一辺5~10cmの正方形の検査できるエリアを動かしながら、先ほど決めた順路に従って、身体の表面部分をスキャンしていきます。

スタートは、頭の上から始めます。

その決めた順路に従って、プローブが検査できるエリア内だけに意識を集中して、そのエリア内だけに感じる感覚を観察します。
1分程度そこにとどまって観察してみます。

1分経ったら、次の場所に動かします。
同じように1分ほどそこにとどまって観察します。1分以上はとどまらないようにしましょう。

これを繰り返して、全身を順番に観察していきます。
全身を観察するのに30分から1時間かかるかもしれません。
全身を観察するのにかかる時間は、こだわらなくて大丈夫です。
もし、1時間で途中までしか観察できていなくても、それでいいのです。

慣れるまでは、表面部分のみを、先ほどの一辺5~10cmの正方形のエリアに固定して、順路も固定して、1か所1分以内の時間で観察するようにしてみてください。

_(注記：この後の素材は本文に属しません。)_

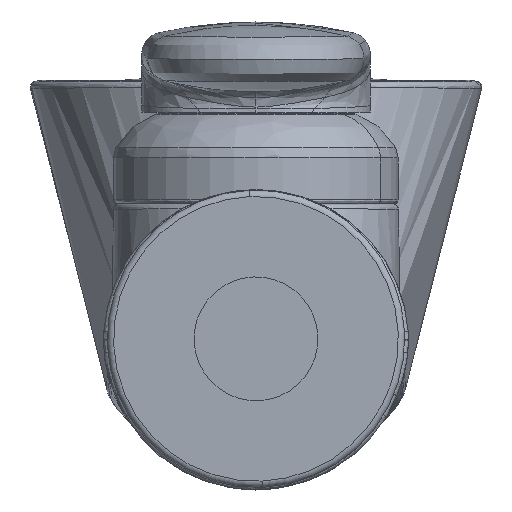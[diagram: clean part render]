
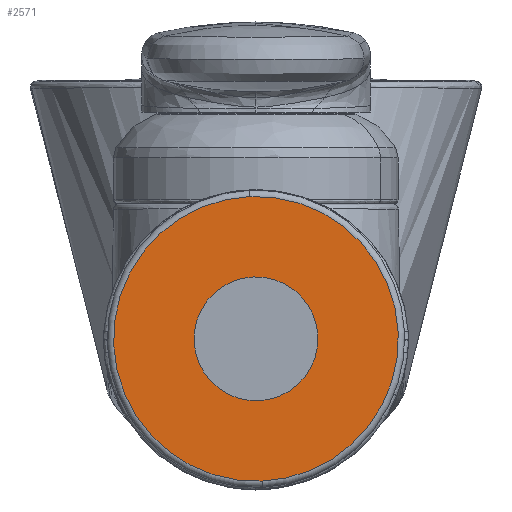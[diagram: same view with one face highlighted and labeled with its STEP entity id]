
A CAD part, front view. The second image highlights one B-rep face of the part: STEP entity #2571.
In plain terms, the highlighted planar face has unit normal (0, -1, 0).
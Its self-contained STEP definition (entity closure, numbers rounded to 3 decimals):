
#256 = EDGE_CURVE ( 'NONE', #1545, #14556, #16827, .T. ) ;
#318 = CARTESIAN_POINT ( 'NONE',  ( 0.008, 27.566, 39.951 ) ) ;
#388 = DIRECTION ( 'NONE',  ( 0., -1., 0. ) ) ;
#1298 = EDGE_CURVE ( 'NONE', #14556, #1545, #15137, .T. ) ;
#1545 = VERTEX_POINT ( 'NONE', #5620 ) ;
#2002 = ORIENTED_EDGE ( 'NONE', *, *, #1298, .T. ) ;
#2317 = DIRECTION ( 'NONE',  ( 0., -1., 0. ) ) ;
#2571 = ADVANCED_FACE ( 'NONE', ( #10381, #18745 ), #4323, .F. ) ;
#4203 = DIRECTION ( 'NONE',  ( 0., -1., 0. ) ) ;
#4323 = PLANE ( 'NONE',  #10480 ) ;
#4965 = ORIENTED_EDGE ( 'NONE', *, *, #256, .T. ) ;
#5620 = CARTESIAN_POINT ( 'NONE',  ( -0.47, 27.566, 51.141 ) ) ;
#6024 = DIRECTION ( 'NONE',  ( 0.043, 0., -0.999 ) ) ;
#6443 = CIRCLE ( 'NONE', #18603, 4.871 ) ;
#6568 = AXIS2_PLACEMENT_3D ( 'NONE', #22016, #4203, #6024 ) ;
#6569 = DIRECTION ( 'NONE',  ( 0., -1., 0. ) ) ;
#7040 = AXIS2_PLACEMENT_3D ( 'NONE', #318, #388, #7423 ) ;
#7423 = DIRECTION ( 'NONE',  ( 0.043, 0., -0.999 ) ) ;
#7950 = DIRECTION ( 'NONE',  ( 0., 1., 0. ) ) ;
#8213 = EDGE_CURVE ( 'NONE', #22233, #15755, #6443, .T. ) ;
#8462 = DIRECTION ( 'NONE',  ( 0.043, 0., -0.999 ) ) ;
#8680 = EDGE_LOOP ( 'NONE', ( #16062, #21610 ) ) ;
#9799 = CARTESIAN_POINT ( 'NONE',  ( 0.008, 27.566, 39.951 ) ) ;
#10381 = FACE_BOUND ( 'NONE', #8680, .T. ) ;
#10480 = AXIS2_PLACEMENT_3D ( 'NONE', #9799, #7950, #20436 ) ;
#11004 = CARTESIAN_POINT ( 'NONE',  ( -0.2, 27.566, 44.818 ) ) ;
#12890 = CARTESIAN_POINT ( 'NONE',  ( 0.216, 27.566, 35.084 ) ) ;
#13025 = CARTESIAN_POINT ( 'NONE',  ( 0.008, 27.566, 39.951 ) ) ;
#13700 = EDGE_CURVE ( 'NONE', #15755, #22233, #21453, .T. ) ;
#14556 = VERTEX_POINT ( 'NONE', #17473 ) ;
#15137 = CIRCLE ( 'NONE', #7040, 11.2 ) ;
#15675 = CARTESIAN_POINT ( 'NONE',  ( 0.008, 27.566, 39.951 ) ) ;
#15755 = VERTEX_POINT ( 'NONE', #11004 ) ;
#16062 = ORIENTED_EDGE ( 'NONE', *, *, #8213, .F. ) ;
#16827 = CIRCLE ( 'NONE', #18522, 11.2 ) ;
#17473 = CARTESIAN_POINT ( 'NONE',  ( 0.487, 27.566, 28.762 ) ) ;
#18123 = DIRECTION ( 'NONE',  ( 0.043, 0., -0.999 ) ) ;
#18522 = AXIS2_PLACEMENT_3D ( 'NONE', #13025, #2317, #18123 ) ;
#18603 = AXIS2_PLACEMENT_3D ( 'NONE', #15675, #6569, #8462 ) ;
#18745 = FACE_OUTER_BOUND ( 'NONE', #21926, .T. ) ;
#20436 = DIRECTION ( 'NONE',  ( 0.043, 0., -0.999 ) ) ;
#21453 = CIRCLE ( 'NONE', #6568, 4.871 ) ;
#21610 = ORIENTED_EDGE ( 'NONE', *, *, #13700, .F. ) ;
#21926 = EDGE_LOOP ( 'NONE', ( #2002, #4965 ) ) ;
#22016 = CARTESIAN_POINT ( 'NONE',  ( 0.008, 27.566, 39.951 ) ) ;
#22233 = VERTEX_POINT ( 'NONE', #12890 ) ;
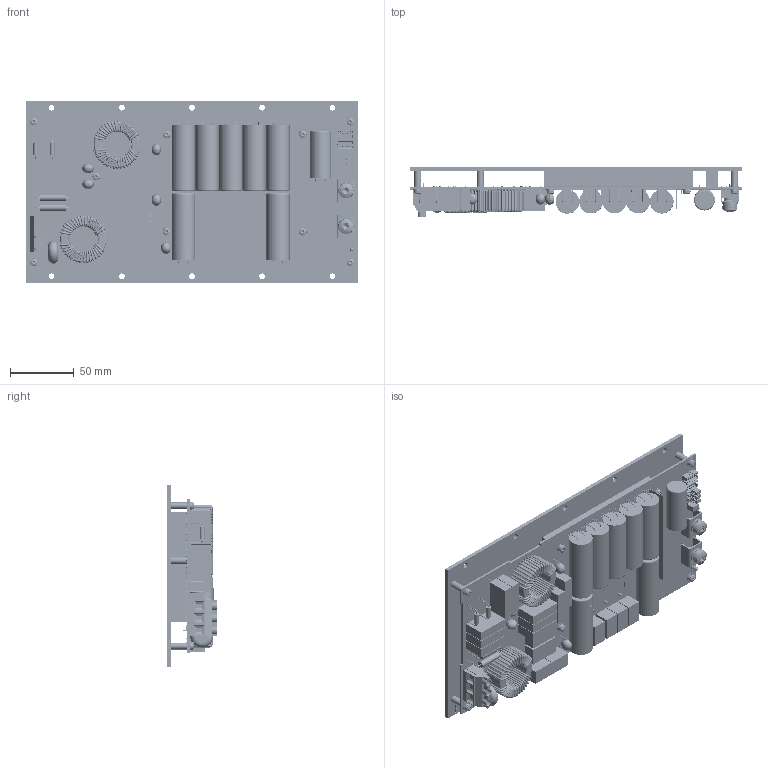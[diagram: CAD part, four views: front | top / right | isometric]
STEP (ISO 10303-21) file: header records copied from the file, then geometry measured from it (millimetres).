
FILE_DESCRIPTION (( 'STEP AP214' ), '1' );
FILE_NAME ('OFI1200AXX.STEP', '2022-01-14T09:37:24', ( '' ), ( '' ), 'SwSTEP 2.0', 'SolidWorks 2022', '' );
FILE_SCHEMA (( 'AUTOMOTIVE_DESIGN' ));
Length unit declared in the file: millimetre
Products named in the file (1): OFI1200AXX
Bounding box: 260 x 39.14 x 142 mm (x, y, z)
Volume: 501090.9 mm3; surface area: 277771.9 mm2
Topology: 97 solids, 98 shells, 3891 faces, 9271 edges, 5795 vertices
Faces by surface type: plane 2029, cylinder 1197, torus 340, cone 296, sphere 23, bspline 6
Full cylindrical faces by diameter (mm): 0.35 x20, 0.45 x17, 0.457 x1, 0.5 x11, 0.55 x12, 0.6 x44, 0.65 x3, 0.75 x20, 0.8 x56, 0.9 x8, 1 x54, 1.2 x3, 1.25 x9, 1.3 x3, 1.5 x276, 1.65 x5, 1.75 x4, 2 x9, 2.454 x54, 2.5 x7, 2.997 x1, 3 x48, 3.5 x4, 3.8 x6, 3.9 x2, 4.5 x10, 5 x7, 5.2 x3, 5.4 x10, 5.6 x6
Entity records: 150698 total; most frequent: CARTESIAN_POINT 21148, DIRECTION 17605, ORIENTED_EDGE 15850, EDGE_CURVE 7925, AXIS2_PLACEMENT_3D 6315, EDGE_LOOP 5719, VERTEX_POINT 5656, LINE 4975
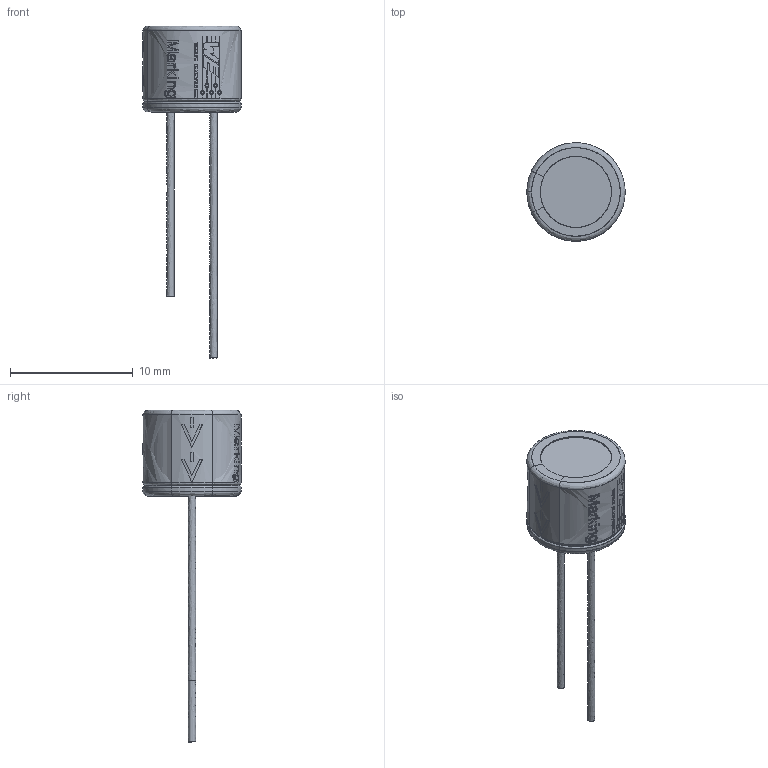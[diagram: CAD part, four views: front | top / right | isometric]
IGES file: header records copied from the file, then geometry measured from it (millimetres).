
Start section: C
Global section: file name: 8x7x3.5x0.6.igs; native system: By Siemens PLM Incorporated; preprocessor: XPlus GENERIC/IGES 21.0.46; author: Author; organization: Title; date: 20191218.110746; units: millimetre
Bounding box: 7.99 x 8 x 27 mm (x, y, z)
Surface area: 848.7 mm2 (no closed solid volume)
Topology: 0 solids, 0 shells, 500 faces, 3960 edges, 3960 vertices
Faces by surface type: bspline 500

ある程度慣れてきましたら、観察するエリアの大きさをいろいろ変えてみます。表面だけではなく、内面も観察してみます。
小さなエリアにしたり、大きなエリアにしたり、CTやMRIのように輪切りにしたり、斜めの輪切りでもいいです。
エリア内を観察する時間も数秒にしてさっと触れる程度にしたり、観察する時間もいろいろ変えてみます。

いろいろ自分なりの工夫をして、身体の表面も内側も、全身くまなく観察していきます。

ヴィパッサナー瞑想の手順

3.ヴィパッサナー瞑想の注意点

感覚を観察する際には、アーナパーナ・サティでも説明したように、次のポイントを意識してください。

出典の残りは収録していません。